Tuesday, June 9, 2015

JEWS IN AMERICA FROM 1800 UNTIL WORLD WAR II --- Episode 5

                             THE ETHICAL CULTURE SOCIETY 

    Among that select group who gained membership right from its inception were Solomon and Sigfeld. With regard to the Rothfeld brothers' time in New York is a little sketchy. Little is known of their first five years in America, except that they set up some kind of business in the tailoring trade, which must have done fairly well. In 1874-75 they are listed in the New York City Directory as "importers of dry goods," with offices in Worth Street, Lower Manhattan. More significant as a measure of their social and financial success, however, is the fact that in the following year they appear as founding members of the Ethical Culture Society, along with Joseph Seligman, Jacob Schiff and Henry Morgenthau. Within seven years of being in America, then, the Rothfeld brothers had joined :Our Crowd," the elite of Manhattan German Jewish society. 
   In 1880, that society (including, no doubt, the Rothfeld brothers) was united in mourning the death of Joseph Seligman, known since the Saratoga incident as "America's leading Jew." Shortly before his death, Seligman hd asked that his funeral service should be directed by the Ethical Cultural Society. DEspite this request, the Seligman family and Gustav Gottheil, the rabbi at Temple Emanu-El, conspired to give him a "proper Jewish funeral" at the synagogue. In addition, a funeral srvice conducted by felix Adler ws held in Seligman's house, an event that served to cement and increase the acceptance of Adler's society among New York's German Jewish elite. 
   It was, however, increasingly becoming a separate elite. In 1887, the nature of New York's high society was spelled out when the first volume of the Social Register for New york appeared, listing 2,000 or so families that were considered the creme de lacreme of Manhattan.  NOT ONE OF THEM WAS JEWISH, It author,  Ward McAllister, suggested : "our good Jews might wish to put out a little book of their own." In the face of such painful reminders that they were not accepted by New York high society, many prominent members of the German Jewish community migrated from the Upper East Side of Manhattan [ where, along Fifth Avenue, the likes of the Astors had their grand "brownstones" ] to form what has been described as "the first recognizably German Jewish upper-class neighborhood " on the Upper West Side. It was to this neighborhood that Solomon and Sigmund Rothfeld moved in 1887, after they had joined with their cousin, J.H. Stern, to form Rothfeld, Stern & Co., a company that specialized in importing tailoring materials. Their names would never appear in the Social Register, but among their immediate neighbors now were Goldmans, Sachses and Guggenheims. 

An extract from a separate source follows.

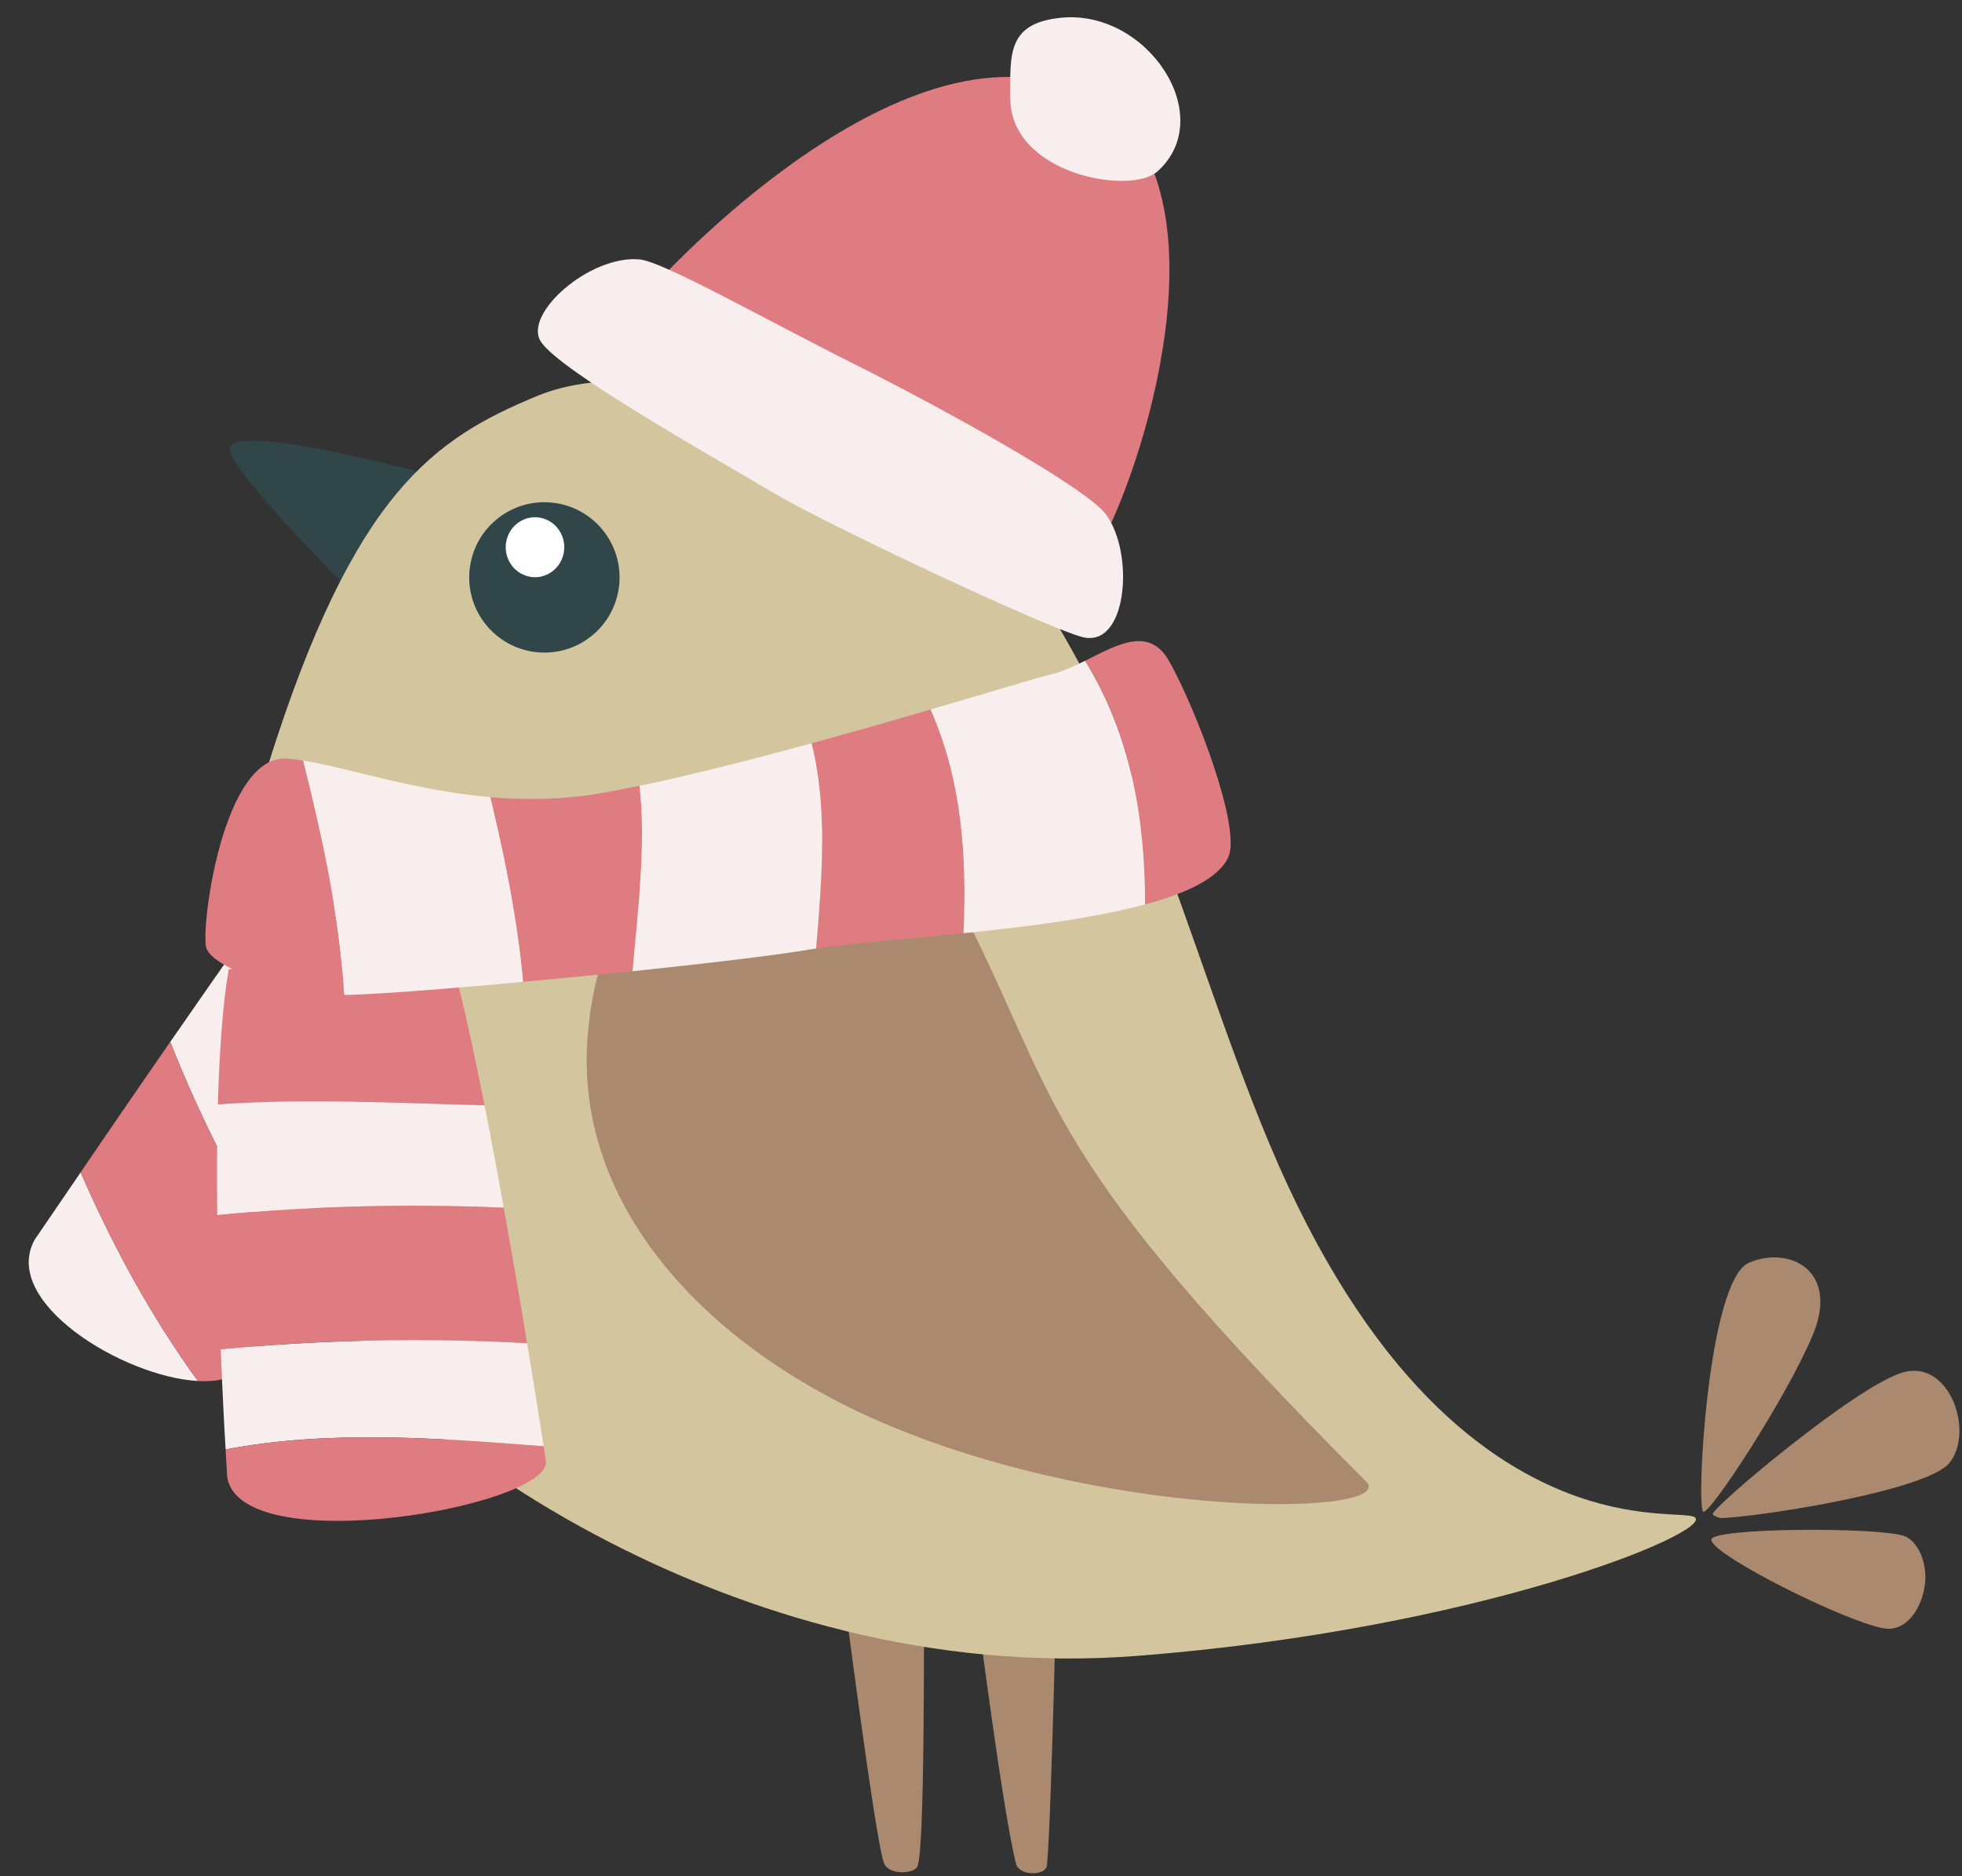 <?xml version="1.0" encoding="UTF-8"?><svg xmlns="http://www.w3.org/2000/svg" xmlns:xlink="http://www.w3.org/1999/xlink" height="504.2" preserveAspectRatio="xMidYMid meet" version="1.0" viewBox="40.2 64.1 527.3 504.2" width="527.3" zoomAndPan="magnify"><rect x="40.2" y="64.1" width="527.3" height="504.2" fill="#333333" stroke="none"/><g><g id="change1_1"><path d="M 266.637 489.863 C 266.637 489.863 275.297 557.254 277.621 564.23 C 278.477 568.223 286.105 567.652 286.754 565.602 C 288.801 561.539 288.441 502.602 288.578 496.66 C 288.73 490.117 266.637 489.863 266.637 489.863" fill="#aa896e"/></g><g id="change1_2"><path d="M 302.695 496.082 C 302.695 496.082 323.746 493.52 323.891 495.391 C 324.09 498.031 322.395 560.625 321.531 565.496 C 321.047 568.238 314.059 568.199 313.246 564.891 C 310.496 553.629 306.492 524.781 302.695 496.082" fill="#aa896e"/></g><g id="change2_1"><path d="M 161.121 193.141 C 161.121 193.141 101.887 176.41 102.004 184.934 C 102.09 191.008 138.594 227.66 139.773 227.66 C 140.961 227.66 154.004 222.27 157.562 216.871 C 161.121 211.48 161.121 193.141 161.121 193.141" fill="#304649"/></g><g id="change3_1"><path d="M 184.484 170.531 C 157.062 181.938 135.359 196.051 112.281 269.605 C 89.203 343.164 129.586 423.938 154.105 445.574 C 163.727 454.059 181.113 466.766 204.266 478.633 C 240.133 497.027 289.84 513.418 345.938 509.039 C 438.242 501.824 500.418 475.812 495.75 471.859 C 494.039 470.41 481.383 472.336 464.133 466.262 C 440.566 457.965 408.051 435.25 381.27 371.219 C 357.523 314.445 343.625 247.012 301.223 200.375 C 284.691 182.191 218.879 156.227 184.484 170.531" fill="#d3c69e"/></g><g id="change1_3"><path d="M 497.953 470.328 C 495.996 469.129 499.199 408.141 510.215 403.422 C 521.227 398.703 534.656 405.621 527.352 422.93 C 520.047 440.234 499.562 471.316 497.953 470.328" fill="#aa896e"/></g><g id="change1_4"><path d="M 500.512 471.027 C 499.637 469.723 539.629 435.953 551.918 432.789 C 558.004 431.23 562.695 435.109 565.078 440.453 C 567.504 445.902 567.527 452.867 564.191 457.121 C 558.312 464.602 514.195 471.504 503.234 472.008 C 501.852 472.07 500.695 471.301 500.512 471.027" fill="#aa896e"/></g><g id="change1_5"><path d="M 500.129 477.895 C 499.656 474.535 545.371 474.379 552.113 476.879 C 555.574 478.297 558.062 483.641 557.598 489.191 C 557.035 495.93 552.598 502.836 546.375 501.633 C 536.098 499.805 500.734 482.199 500.129 477.895" fill="#aa896e"/></g><g id="change1_6"><path d="M 300.551 312.109 C 325.305 361.477 320.289 375.125 407.281 462.117 C 416.457 471.273 341.242 473.113 279.043 447.105 C 232.445 427.621 194.289 389.848 198.145 342.398 C 201.211 304.676 221.277 291.25 242.922 289.617 C 268.074 287.723 295.363 301.762 300.551 312.109" fill="#aa896e"/></g><g id="change4_1"><path d="M 215.938 140.91 C 215.938 140.91 284.68 64.082 333.219 90.18 C 370.961 110.473 349.695 184.738 336.062 210.305 C 335.383 211.578 215.938 140.91 215.938 140.91" fill="#df7c81"/></g><g id="change5_1"><path d="M 185.52 155.848 C 180.82 148.414 198.688 132.59 212.082 133.805 C 218.5 134.391 246.094 150.074 269.172 161.613 C 292.258 173.152 332.031 194.934 337.48 202.391 C 345.191 212.941 343.16 238.508 330.988 235.262 C 320.938 232.582 261.961 204.883 247.535 196.23 C 233.117 187.574 190.574 163.836 185.52 155.848" fill="#f7eeed"/></g><g id="change5_2"><path d="M 325.305 68.875 C 348.547 66.504 367.719 95.453 351.25 110.188 C 347.703 113.363 337.992 113.598 329.082 110.527 C 319.98 107.391 311.715 100.809 311.715 90.383 C 311.715 78.855 310.785 70.355 325.305 68.875" fill="#f7eeed"/></g><g id="change2_2"><path d="M 174.973 202.672 C 165.809 209.043 163.551 221.637 169.922 230.793 C 176.293 239.953 188.887 242.215 198.047 235.844 C 207.211 229.473 209.465 216.879 203.09 207.723 C 196.723 198.562 184.133 196.301 174.973 202.672" fill="#304649"/></g><g id="change6_1"><path d="M 180.301 204.023 C 176.461 206.105 174.996 210.984 177.027 214.914 C 179.062 218.848 183.82 220.344 187.664 218.266 C 191.504 216.184 192.969 211.309 190.938 207.375 C 188.902 203.445 184.141 201.945 180.301 204.023" fill="#fff"/></g><g id="change5_3"><path d="M 156.398 291.871 C 153.332 286.734 144.395 286.297 136.09 288.102 C 133.73 288.637 131.395 289.344 129.273 290.168 C 134.605 300.809 142.082 310.16 150.578 318.777 C 151.504 316.004 152.332 313.375 153.086 310.914 C 156.129 300.934 157.594 293.848 156.398 291.871" fill="#f7eeed"/></g><g id="change5_4"><path d="M 85.957 344.055 C 94.211 364.945 104.609 385.57 117.465 404.246 C 123.504 389.637 131.297 370.57 138.355 352.285 C 126.887 340.035 116.539 326.84 107.82 312.863 C 101.441 321.773 93.699 332.879 85.957 344.055" fill="#f7eeed"/></g><g id="change4_2"><path d="M 129.273 290.168 C 125.547 291.656 122.461 293.504 120.777 295.477 C 119.219 297.305 116.785 300.52 113.691 304.73 C 111.938 307.141 109.965 309.867 107.82 312.863 C 116.539 326.84 126.887 340.035 138.355 352.285 C 139.309 349.824 140.258 347.34 141.18 344.93 C 144.711 335.559 147.949 326.598 150.578 318.777 C 142.082 310.16 134.605 300.809 129.273 290.168" fill="#df7c81"/></g><g id="change5_5"><path d="M 49.555 397.16 C 40.207 413.863 73.199 434.051 93.383 435.191 C 80.82 417.906 70.422 398.742 61.875 379.117 C 54.52 389.855 49.555 397.16 49.555 397.16" fill="#f7eeed"/></g><g id="change4_3"><path d="M 85.957 344.055 C 84.449 346.246 82.938 348.438 81.426 350.605 C 74.781 360.223 68.352 369.621 63.023 377.414 C 62.629 377.996 62.242 378.559 61.875 379.117 C 70.422 398.742 80.82 417.906 93.383 435.191 C 93.652 435.219 93.945 435.219 94.211 435.219 C 100.594 435.414 105.559 433.609 107.262 429.031 C 107.922 427.254 110.305 421.535 113.715 413.305 C 114.859 410.551 116.125 407.508 117.465 404.246 C 104.609 385.57 94.211 364.945 85.957 344.055" fill="#df7c81"/></g><g id="change5_6"><path d="M 175.57 388.613 C 173.922 379.336 172.176 369.957 170.426 361.102 C 146.535 360.473 122.441 359.207 98.754 360.863 C 98.484 370.453 98.484 380.598 98.582 390.609 C 124.156 388.141 149.797 387.512 175.57 388.613" fill="#f7eeed"/></g><g id="change5_7"><path d="M 162.328 324.785 C 160.277 317.297 158.434 312.41 157.02 311.594 C 149.059 306.914 127.148 305.363 109.234 308.469 C 105.773 309.07 103.355 315.113 101.676 324.523 C 121.734 323.34 142.102 324.156 162.328 324.785" fill="#f7eeed"/></g><g id="change5_8"><path d="M 186.32 452.73 C 185.516 447.344 183.898 437.332 181.852 425.008 C 154.262 423.535 126.879 424.062 99.527 426.66 C 99.965 437.938 100.465 447.449 100.836 453.57 C 128.457 448.289 157.793 450.496 186.32 452.73" fill="#f7eeed"/></g><g id="change4_4"><path d="M 181.312 421.75 C 179.871 412.945 178.156 403.117 176.375 393.055 C 176.105 391.582 175.84 390.086 175.57 388.613 C 149.797 387.512 124.156 388.141 98.582 390.609 C 98.582 391.242 98.582 391.844 98.617 392.477 C 98.719 402.645 99.02 412.633 99.324 421.699 C 99.395 423.379 99.457 425.035 99.527 426.66 C 126.879 424.062 154.262 423.535 181.852 425.008 C 181.684 423.93 181.512 422.852 181.312 421.75" fill="#df7c81"/></g><g id="change4_5"><path d="M 186.32 452.73 C 157.793 450.496 128.457 448.289 100.836 453.57 C 100.902 455.227 101.004 456.648 101.07 457.773 C 101.207 459.852 101.27 461.008 101.27 461.008 C 104.703 482.504 180.609 470.18 186.555 458.461 C 186.895 457.855 186.992 457.277 186.926 456.672 C 186.859 456.066 186.625 454.727 186.32 452.73" fill="#df7c81"/></g><g id="change4_6"><path d="M 170.426 361.102 C 167.605 346.832 164.781 333.879 162.328 324.785 C 142.102 324.156 121.734 323.34 101.676 324.523 C 100.027 333.984 99.152 346.832 98.754 360.863 C 122.441 359.207 146.535 360.473 170.426 361.102" fill="#df7c81"/></g><g id="change4_7"><path d="M 117.52 267.93 C 100.207 266.492 94.168 312.879 95.605 318.648 C 97.066 324.398 118.273 331.359 132.715 331.434 C 131.398 309.98 126.891 289.211 121.684 268.465 C 120.223 268.223 118.836 268.051 117.52 267.93" fill="#df7c81"/></g><g id="change4_8"><path d="M 212.09 275.234 C 208.391 276.012 204.859 276.695 201.523 277.258 C 191.223 279.031 181.289 279.105 171.965 278.301 C 175.906 294.664 179.242 311.125 180.777 327.926 C 190.371 327.051 200.449 326.074 210.191 325.078 C 211.605 308.738 213.871 291.449 212.09 275.234" fill="#df7c81"/></g><g id="change4_9"><path d="M 290.301 254.734 C 280.609 257.582 269.605 260.746 258.309 263.84 C 262.664 281.273 261.129 300.484 259.523 318.992 C 268.801 317.602 283.461 316.461 299.164 314.875 C 300.09 293.961 298.703 273.727 290.301 254.734" fill="#df7c81"/></g><g id="change4_10"><path d="M 354.535 241.949 C 349.129 232.211 340.609 237.297 331.816 241.656 C 344.281 261.965 347.887 284.219 347.934 307.133 C 359.43 304.039 367.949 299.926 370.363 294.301 C 373.746 286.34 361.742 254.93 354.535 241.949" fill="#df7c81"/></g><g id="change5_9"><path d="M 171.965 278.301 C 169.895 278.109 167.848 277.887 165.852 277.645 C 153.02 275.988 141.504 272.898 131.934 270.609 C 128.207 269.73 124.773 268.977 121.684 268.465 C 126.891 289.211 131.398 309.98 132.715 331.434 L 132.957 331.434 C 134.199 331.434 135.953 331.383 138.141 331.262 C 144.742 330.945 155.262 330.168 167.508 329.121 C 171.742 328.754 176.199 328.363 180.777 327.926 C 179.242 311.125 175.906 294.664 171.965 278.301" fill="#f7eeed"/></g><g id="change5_10"><path d="M 258.309 263.84 C 257.453 264.059 256.602 264.301 255.746 264.52 C 241.285 268.465 226.457 272.215 213.457 274.969 C 212.992 275.066 212.555 275.16 212.09 275.234 C 213.871 291.449 211.605 308.738 210.191 325.078 C 212.262 324.859 214.309 324.641 216.328 324.422 C 233.496 322.594 248.953 320.719 257.746 319.258 C 258.113 319.211 258.477 319.137 258.844 319.086 C 259.062 319.039 259.305 319.016 259.523 318.992 C 261.129 300.484 262.664 281.273 258.309 263.84" fill="#f7eeed"/></g><g id="change5_11"><path d="M 331.816 241.656 C 330.574 242.289 329.309 242.898 328.043 243.434 C 326.387 244.164 324.73 244.773 323.098 245.188 C 319.52 246.09 310.316 248.863 298.117 252.445 C 295.633 253.176 293.004 253.953 290.301 254.734 C 298.703 273.727 300.09 293.961 299.164 314.875 C 302.062 314.559 304.984 314.242 307.93 313.926 C 317.863 312.805 327.871 311.441 336.906 309.664 C 340.801 308.91 344.504 308.059 347.934 307.133 C 347.887 284.219 344.281 261.965 331.816 241.656" fill="#f7eeed"/></g></g></svg>

   Meanwhile the "THIRD MIGRATION" of Jews to America was gaining momentum and, as the German Jewish community had feared, arousing a new and intensified form of anti-Semitism. In the same year that the Social Register was published and the Rothfeld brothers moved to the Upper West Side, an article appeared in Forum magazine entitled "Race Prejudice at Summer Resorts," which identified anti-Semitism as "a new feature in the New World." "Only within the present decade," the article stated, "has there been an anti-Jewish sentiment openly displayed in the United States." The blame for this ws laid by Alice Rhine, the author of the article, firmly on Judge Hilton, whose exclusion of Jews from his hotel in Saratoga had set an example that other hotel and boardinghouse proprietors had followed. "In seeking reasons for this sweeping ostracism, " she wrote, "it is found that the Gentiles charge the Hebrews with 'being too numerous' ; 'they swarm everywhere.' " It was also said, she recorded, that Jews lacked refinement ; they dressed badly, had bad manners and showed disrespect for the Christian Sabbath. 
   The kind of anti-Semitism discussed by Rhine was extremely mild, however, compared to the sort that was unleashed at around the same time in The American Jew, described as "the book that inaugurated racial anti-Semitism in America." Its author was Telemachus Timayenis, a Greek immigrant. Whereas Rhine described a prejudice against Jews as identified by their culture, their language and their perceived lack of social graces, Timayenis's target was the Jew as a RACIAL type. identified by  "their hooked noses, restless eyes, elongated ears, square nails, flat feet, round knees, and soft hands." The Jews that he describes with venomous hatred wear "long coats dripping with filth, while their faces and beards look suety with sluttishness" ; they arrive in the United States penniless, and soon ---- suspiciously soon, according to Timayentis --- become prominent bankers, and leaders of American industry. But despite his unease at the wealth of the German Jews, it is the wretched poverty of the eastern Jewson the Lower East Side that most exercises Timayenis, who is also inclined to despise Jews because they are refugees from prejudice. "Let the Jews of this country understand," he writes, "that the American people do not want, and will not receive, the dregs of a race which has won only scorn and contempt from the people of Europe." The message of The American Jew, repeated several times throughout the book, is : "The Jew must go! " 
   Timaayenis, of course, did not speak for the whole American population, the majority of whom would have identified far more readily with the famous sentiments expressed by Emma Lazarus in the poem inscribed on the Statue of Liberty, which was dedicated by President Cleveland in 1886, sentiments that indeed were inspired by the piteous sight of the arrival to New York of the very Jews that had aroused the venom of The American Jew

     Give me your tired, your poor ;
     Your buddled masses yearning to breathe free, 
    The wretched refuse of your teeming shore. 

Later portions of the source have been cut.